▶ _Task details_:
Scan the material below for the string "masks". Report every line that has it.

☆ ☆ ☆

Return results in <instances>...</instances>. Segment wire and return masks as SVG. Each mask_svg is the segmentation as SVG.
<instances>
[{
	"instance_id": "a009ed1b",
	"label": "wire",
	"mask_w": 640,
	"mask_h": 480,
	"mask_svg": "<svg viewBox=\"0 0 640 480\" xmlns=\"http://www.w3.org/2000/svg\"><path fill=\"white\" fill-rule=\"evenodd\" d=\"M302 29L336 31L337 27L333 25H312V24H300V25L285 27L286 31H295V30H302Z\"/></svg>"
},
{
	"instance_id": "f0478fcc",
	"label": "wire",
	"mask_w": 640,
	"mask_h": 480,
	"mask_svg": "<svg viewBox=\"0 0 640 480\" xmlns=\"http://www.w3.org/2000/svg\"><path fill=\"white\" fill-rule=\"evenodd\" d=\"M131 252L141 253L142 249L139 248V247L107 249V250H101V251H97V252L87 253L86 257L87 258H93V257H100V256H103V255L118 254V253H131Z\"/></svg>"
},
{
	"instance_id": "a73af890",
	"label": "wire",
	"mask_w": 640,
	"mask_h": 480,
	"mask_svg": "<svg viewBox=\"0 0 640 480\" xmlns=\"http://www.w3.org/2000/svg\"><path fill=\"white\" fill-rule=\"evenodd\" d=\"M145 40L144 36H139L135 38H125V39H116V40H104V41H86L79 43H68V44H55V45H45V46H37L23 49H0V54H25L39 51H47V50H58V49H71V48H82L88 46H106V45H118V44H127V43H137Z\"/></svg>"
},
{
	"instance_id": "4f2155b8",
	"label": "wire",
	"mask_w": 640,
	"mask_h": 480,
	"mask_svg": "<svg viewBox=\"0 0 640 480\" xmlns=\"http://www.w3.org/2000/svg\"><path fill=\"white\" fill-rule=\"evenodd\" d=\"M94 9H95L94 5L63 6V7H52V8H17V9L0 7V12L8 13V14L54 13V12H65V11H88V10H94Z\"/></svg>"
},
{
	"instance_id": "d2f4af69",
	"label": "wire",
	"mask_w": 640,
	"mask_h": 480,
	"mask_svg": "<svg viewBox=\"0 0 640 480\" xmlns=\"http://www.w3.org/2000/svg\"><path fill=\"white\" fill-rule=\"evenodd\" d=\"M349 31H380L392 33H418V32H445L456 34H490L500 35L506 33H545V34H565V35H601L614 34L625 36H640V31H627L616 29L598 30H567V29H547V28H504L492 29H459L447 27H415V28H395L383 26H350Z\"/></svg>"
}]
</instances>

☆ ☆ ☆

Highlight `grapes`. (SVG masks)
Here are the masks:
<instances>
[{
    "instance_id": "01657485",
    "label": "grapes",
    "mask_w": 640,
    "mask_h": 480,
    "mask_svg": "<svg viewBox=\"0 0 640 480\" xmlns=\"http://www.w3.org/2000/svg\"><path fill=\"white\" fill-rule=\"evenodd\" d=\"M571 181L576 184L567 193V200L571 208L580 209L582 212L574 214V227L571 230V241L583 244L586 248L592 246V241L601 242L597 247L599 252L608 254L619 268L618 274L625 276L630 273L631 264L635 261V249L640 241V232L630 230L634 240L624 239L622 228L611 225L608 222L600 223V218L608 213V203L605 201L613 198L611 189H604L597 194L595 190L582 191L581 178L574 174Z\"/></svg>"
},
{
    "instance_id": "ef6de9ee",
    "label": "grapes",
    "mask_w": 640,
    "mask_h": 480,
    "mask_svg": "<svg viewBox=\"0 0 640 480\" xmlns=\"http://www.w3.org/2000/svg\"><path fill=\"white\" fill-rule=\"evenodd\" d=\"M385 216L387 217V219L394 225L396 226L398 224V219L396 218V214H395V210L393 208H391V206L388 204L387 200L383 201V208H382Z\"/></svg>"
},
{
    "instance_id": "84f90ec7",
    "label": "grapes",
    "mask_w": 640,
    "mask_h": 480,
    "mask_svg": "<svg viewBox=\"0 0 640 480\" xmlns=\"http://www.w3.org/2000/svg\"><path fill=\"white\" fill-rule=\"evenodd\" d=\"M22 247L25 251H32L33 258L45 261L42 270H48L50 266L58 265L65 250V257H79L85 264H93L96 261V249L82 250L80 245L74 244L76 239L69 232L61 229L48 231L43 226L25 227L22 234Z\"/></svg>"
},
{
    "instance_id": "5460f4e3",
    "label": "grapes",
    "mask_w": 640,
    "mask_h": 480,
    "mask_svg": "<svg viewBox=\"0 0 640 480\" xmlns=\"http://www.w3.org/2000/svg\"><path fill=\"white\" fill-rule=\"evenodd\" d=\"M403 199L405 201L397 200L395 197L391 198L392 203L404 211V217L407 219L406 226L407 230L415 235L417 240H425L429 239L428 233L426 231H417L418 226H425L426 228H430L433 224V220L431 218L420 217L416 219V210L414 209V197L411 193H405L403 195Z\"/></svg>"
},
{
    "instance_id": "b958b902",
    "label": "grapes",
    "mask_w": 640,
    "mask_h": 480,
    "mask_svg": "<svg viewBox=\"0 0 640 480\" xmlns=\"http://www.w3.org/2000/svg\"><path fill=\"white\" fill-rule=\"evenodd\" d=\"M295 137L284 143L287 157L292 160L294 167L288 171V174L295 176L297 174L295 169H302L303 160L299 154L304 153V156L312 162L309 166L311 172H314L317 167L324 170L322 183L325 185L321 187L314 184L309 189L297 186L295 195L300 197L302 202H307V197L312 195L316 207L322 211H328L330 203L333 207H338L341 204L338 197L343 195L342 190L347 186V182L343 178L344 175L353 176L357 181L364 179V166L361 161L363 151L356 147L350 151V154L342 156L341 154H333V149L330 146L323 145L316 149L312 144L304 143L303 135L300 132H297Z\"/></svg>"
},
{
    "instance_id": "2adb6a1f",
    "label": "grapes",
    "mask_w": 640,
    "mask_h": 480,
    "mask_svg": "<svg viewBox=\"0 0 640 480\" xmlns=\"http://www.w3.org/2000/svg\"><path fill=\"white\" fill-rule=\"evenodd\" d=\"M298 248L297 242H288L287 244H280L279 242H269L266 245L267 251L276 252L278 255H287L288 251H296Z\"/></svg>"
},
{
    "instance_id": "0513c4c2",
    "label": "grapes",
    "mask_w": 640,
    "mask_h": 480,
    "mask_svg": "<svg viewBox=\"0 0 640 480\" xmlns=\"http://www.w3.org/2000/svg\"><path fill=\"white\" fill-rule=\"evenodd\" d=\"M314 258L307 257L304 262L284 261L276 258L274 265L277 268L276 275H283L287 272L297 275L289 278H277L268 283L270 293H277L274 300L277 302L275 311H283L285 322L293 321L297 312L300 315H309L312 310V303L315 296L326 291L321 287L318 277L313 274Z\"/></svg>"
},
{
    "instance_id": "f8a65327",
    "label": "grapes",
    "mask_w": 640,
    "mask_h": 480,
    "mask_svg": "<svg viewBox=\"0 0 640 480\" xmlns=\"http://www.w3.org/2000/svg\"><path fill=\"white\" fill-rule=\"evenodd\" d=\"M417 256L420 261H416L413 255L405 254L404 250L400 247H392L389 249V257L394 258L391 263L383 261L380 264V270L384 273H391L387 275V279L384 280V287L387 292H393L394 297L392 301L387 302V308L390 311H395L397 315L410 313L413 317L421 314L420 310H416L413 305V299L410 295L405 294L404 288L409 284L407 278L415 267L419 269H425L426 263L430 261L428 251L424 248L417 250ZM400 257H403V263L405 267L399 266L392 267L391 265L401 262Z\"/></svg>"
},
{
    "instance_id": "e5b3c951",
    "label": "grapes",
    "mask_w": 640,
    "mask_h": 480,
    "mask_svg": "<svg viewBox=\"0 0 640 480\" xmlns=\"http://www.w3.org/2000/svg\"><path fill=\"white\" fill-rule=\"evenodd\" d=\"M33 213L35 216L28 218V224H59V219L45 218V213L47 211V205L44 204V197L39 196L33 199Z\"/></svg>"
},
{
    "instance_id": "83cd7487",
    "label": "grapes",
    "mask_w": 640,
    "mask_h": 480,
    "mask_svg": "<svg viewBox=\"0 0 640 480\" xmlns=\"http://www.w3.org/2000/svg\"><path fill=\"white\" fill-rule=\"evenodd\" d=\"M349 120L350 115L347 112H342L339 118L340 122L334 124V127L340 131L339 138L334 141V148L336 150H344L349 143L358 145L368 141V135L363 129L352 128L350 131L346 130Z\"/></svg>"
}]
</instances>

☆ ☆ ☆

▶ _Solution below_:
Return results in <instances>...</instances>. Segment wire and return masks as SVG. Each mask_svg is the segmentation as SVG.
Highlight `grapes`. (SVG masks)
Here are the masks:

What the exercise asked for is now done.